Retargeting Centralised: Tribal Fusion’s Doug Conely Adds His Thoughts On Points Raised In Recent Retargeting Post
Is it bad etiquette to respond such a long time after an original opinion piece? I didn’t read this too closely at the at the time but poor Paolo, our Starcom and Zenith rep, has been hassling me to take another look. He thought he was selling business to business online display media under contractual terms. Reading this he felt like he was selling cigarettes to kids in West Africa. Should he? Absolutely not. We’re a serious business operating at global scale with all the strategic, operational, technical and ethical requirements that entails. Many of our competitors feel the same way, I’m sure.

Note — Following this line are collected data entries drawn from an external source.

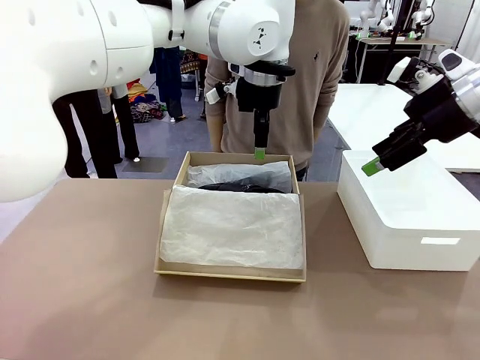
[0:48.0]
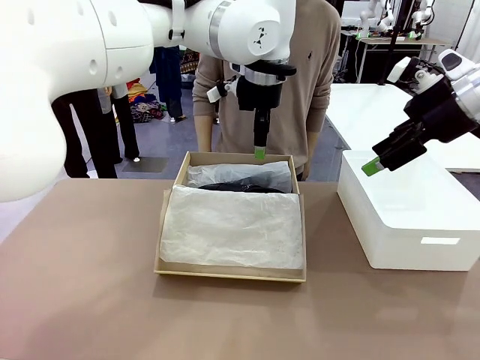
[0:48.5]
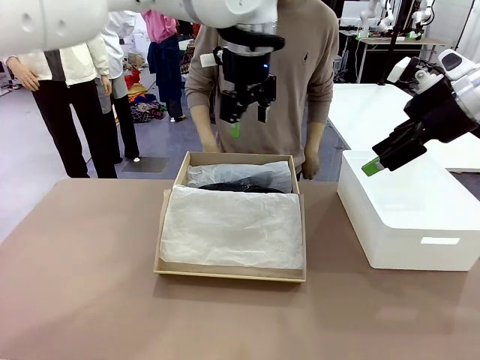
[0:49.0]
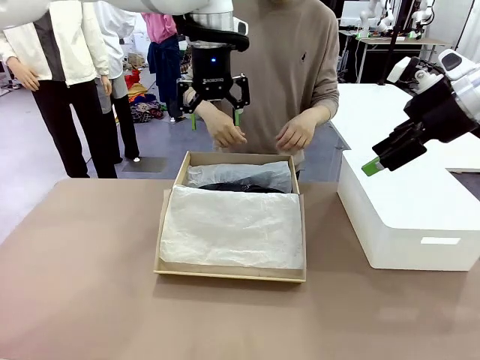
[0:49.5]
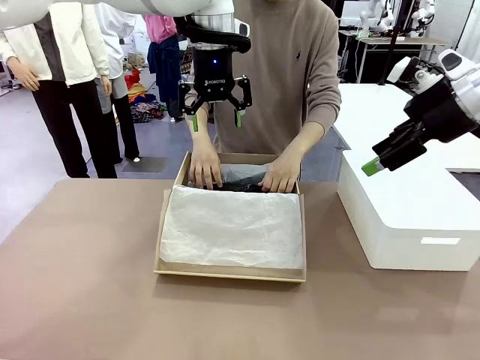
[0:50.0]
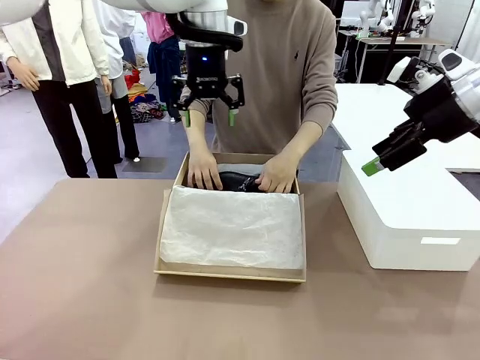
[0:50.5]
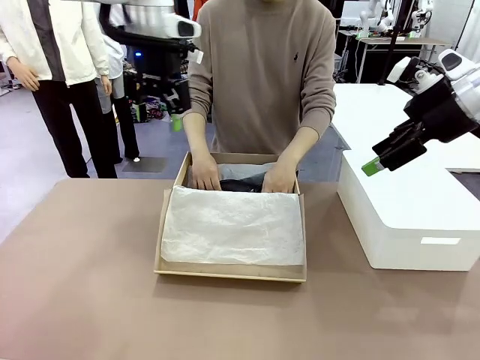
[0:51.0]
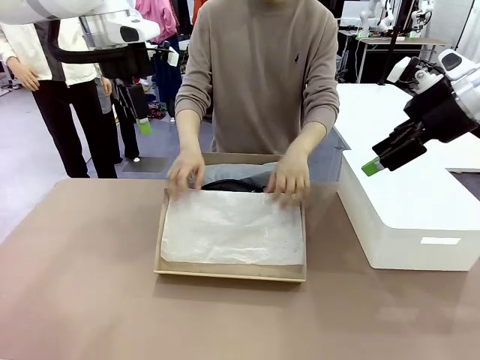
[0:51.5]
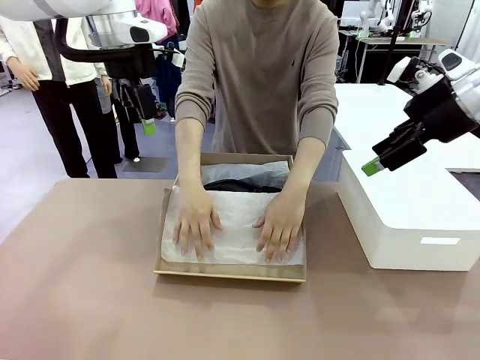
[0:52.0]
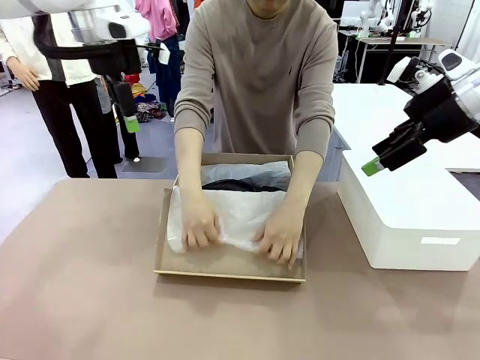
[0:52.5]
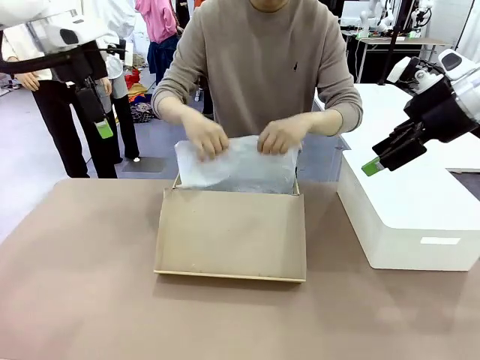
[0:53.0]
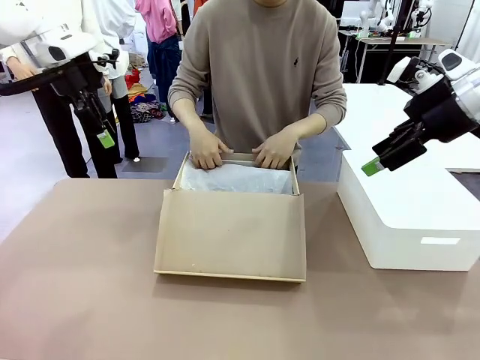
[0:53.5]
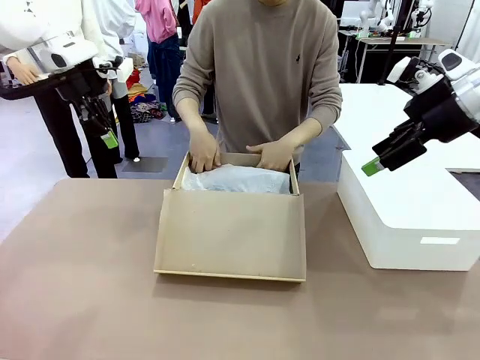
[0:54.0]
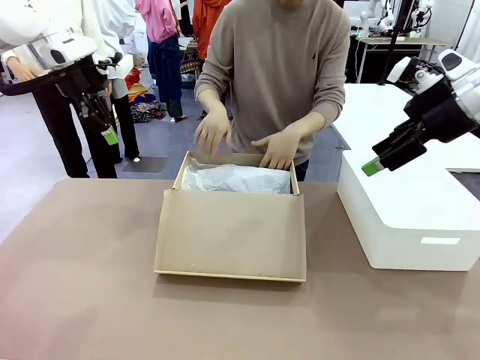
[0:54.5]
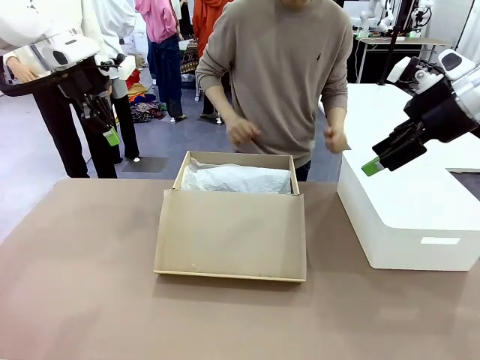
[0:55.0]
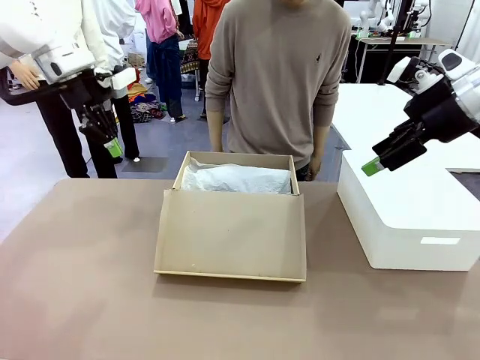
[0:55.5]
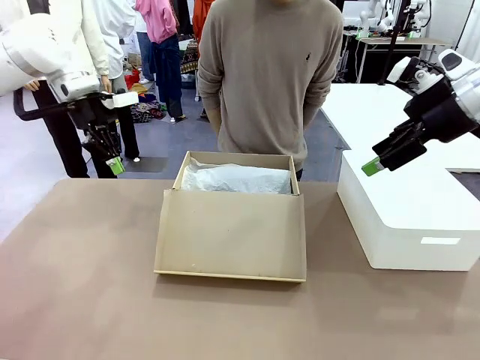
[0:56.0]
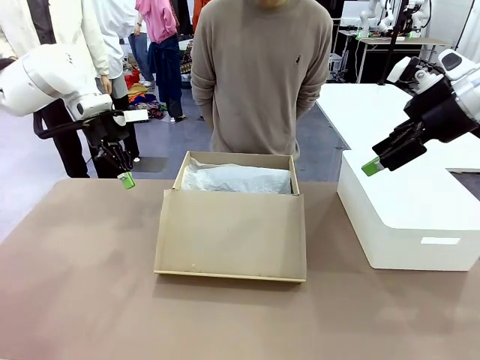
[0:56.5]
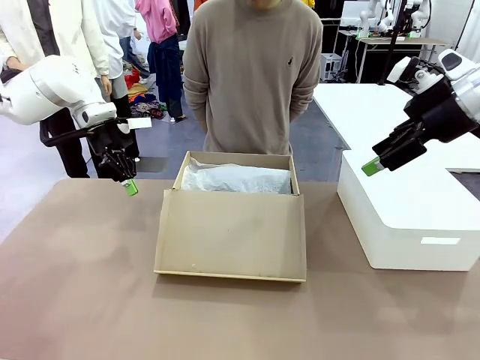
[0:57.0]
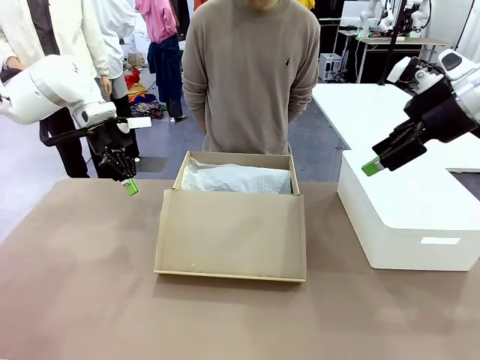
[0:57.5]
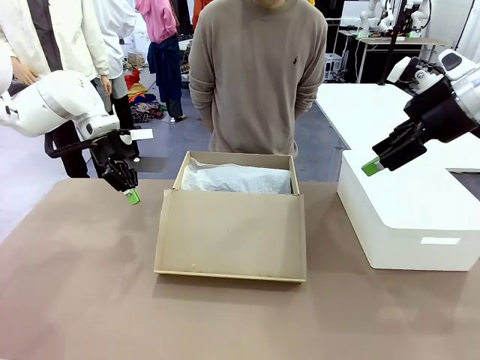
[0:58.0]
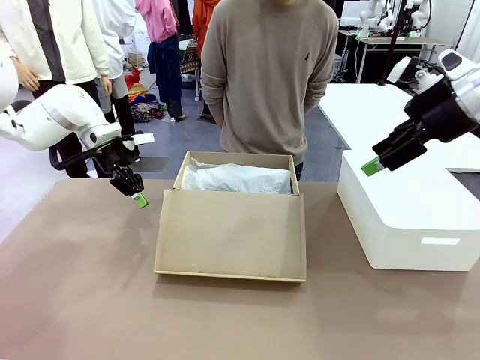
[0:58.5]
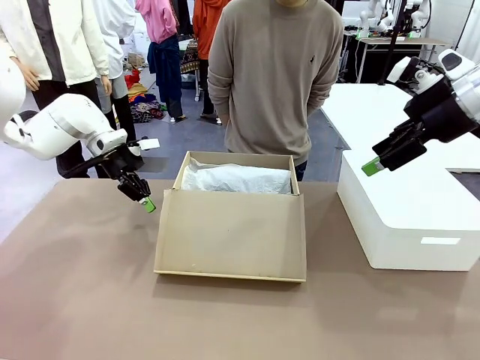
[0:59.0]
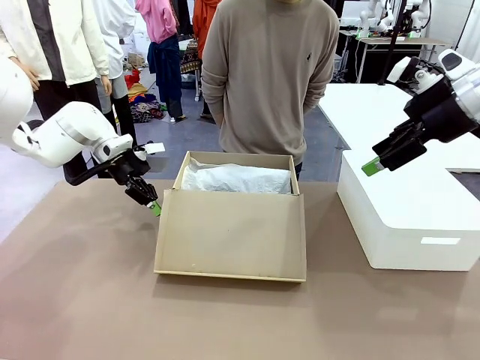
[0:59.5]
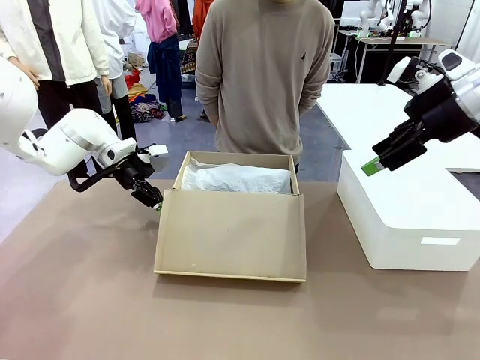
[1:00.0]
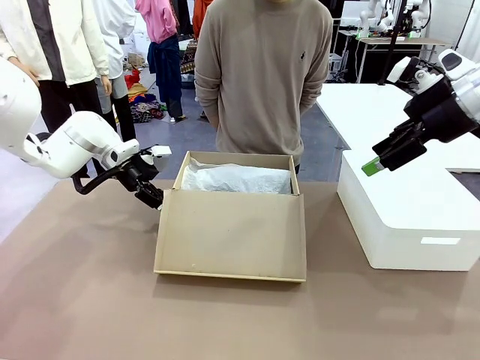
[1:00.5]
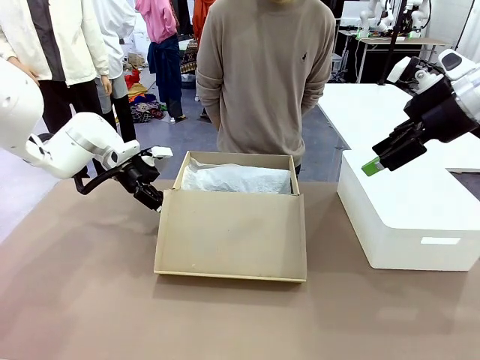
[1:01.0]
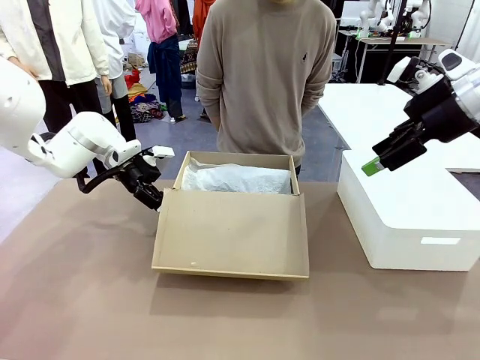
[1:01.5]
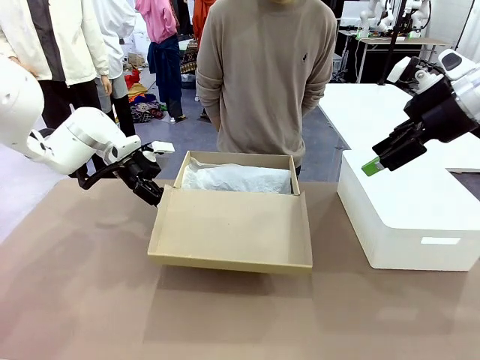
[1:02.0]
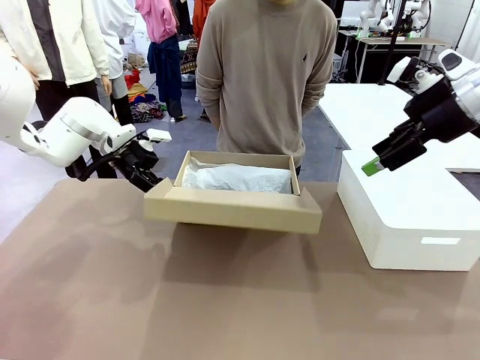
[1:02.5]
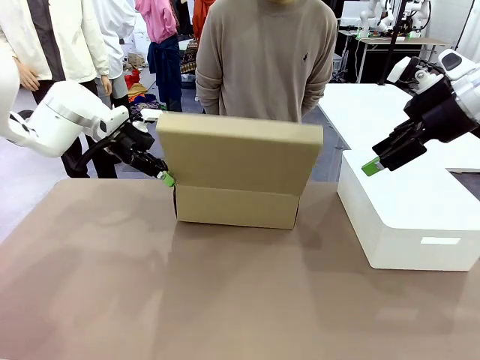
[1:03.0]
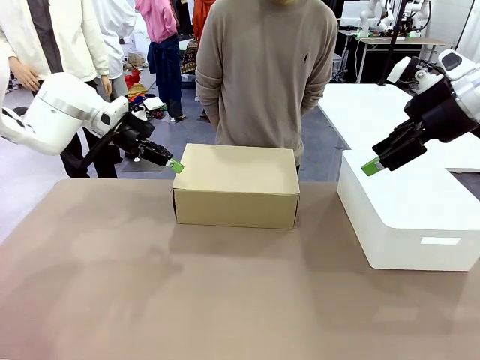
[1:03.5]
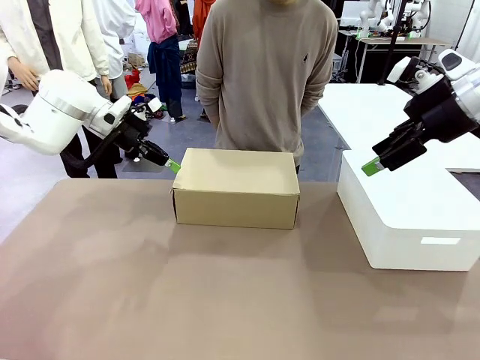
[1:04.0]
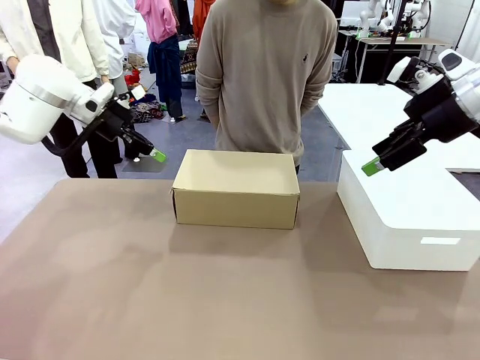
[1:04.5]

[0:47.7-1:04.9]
Task: Pack the shoes into the box.
Robot: Close the Shoes Box.

While this article was not directed at Tribal Fusion specifically we are an ad network with views on some of the underlying arguments here. Marco, I saw your comment in the original post about anonymous responders. Let me put it this way: how can a vendor take the risk to debate the opinion of a (potential?) customer publicly? Well, here goes…
Data leakage
Paul & Geoff, we spoke about this 12-18 months ago and my view hasn’t changed. If you think there are people abusing 1st party data then name them. It should be game over for them or let them defend their position. In many ways this is the reverse of publishers complaining that *some* ATDs were bullying them into data deals in the past in return for media spend or that they were harvesting data without the publisher’s permission. Both insinuations are unhealthy to the industry and both sides should name those they believe to be carrying out such practices.
From a Tribal Fusion perspective we also take this very seriously and even made 1st party data usage a standard condition of our IOs in late 2009. I’m sure none of the other major players are comingling 1st party data, there’s just too much to lose. So, we’ve just reached out to ABCe to see if we can set up some sort of 3rd party audit of our 1st party data processes. Any other network that wants to join in should do so. Agency Side Networks, sorry ATDs, should join too. Anyone that can think of someone better to adjudicate than ABCe, let us know. We can all put this one to bed then and remove one more fear factor for advertisers.
ePrivacy Directive
There’s nothing in the directive that says advertisers should not work with 3rd parties. It’s also false to believe that 3rd parties somehow have less to lose or are less likely to meet privacy requirements than agencies or ATDs. As in any regulated industry, clients need to pick those partners they trust and that meet the right industry standards, including agencies and trading desks.
Price Inflation & User Experience
No arguments with this. Retargeting segment bid inflation and universal frequency controls are a compelling rationale to manage retargeting centrally. Anyone doing this needs to be able to map the first visit to conversion timeline and adjust retargeting frequency and bidding strategy accordingly. The ability to layer in dynamic ads is a bonus. However, there is a paradox here. Current publisher RTB yields are driven by retargeting. What happens to those yields in this scenario and will it restrict access to biddable inventory if overall yields drop? Not a reason to stop but definitely something to think about.
Transparency
They say history is written by the victors. Let’s not rewrite the original rationale for blind inventory. Publishers wanted an additional revenue stream that did not cannibalise their direct sales channel. Transparent inventory has always been more expensive in this, and any other, industry. If clients are willing to pay more for transparency then they will get it. The real question is whether the vendors are trusted to provide safety behind that transparency. IASH was good step in this direction. Content verification technology is going in the right direction, but is far from complete. Arguably, safety guarantees may come at a price too as the verification will need to be statistically tested in many cases. Again, this is no different to other supply chain but, arguably, the industry is a bit behind in the standards to defend this.
Attribution
There’s another paradox here. Taking retargeting in-house means that on a last view basis the ATD will appear better than anything else on the plan. Will they disclose that to the agency or end client? If ATDs cut 3rd party retargeting do they really have the attribution tools to optimise this? What about the tools to run, optimise and measure upper funnel activity? We haven’t seen that much to date but would be happy to be wrong. From our perspective we see a lot of value in using look-alike models to provide that upper funnel activity and let the ATD focus on the retargeting management. But look-alike models need massive data sets, sophisticated processing tools… and access to 1st party data on which to build the model in the first place.
Overall, we expect to win some and to lose some in this debate. And we’ll lose some budget too (sorry Paolo). But we’re doing enough with data, look-alike models, rich media executions, etc to make sure that we win a lot more than we lose and provide value to end-clients via their agencies.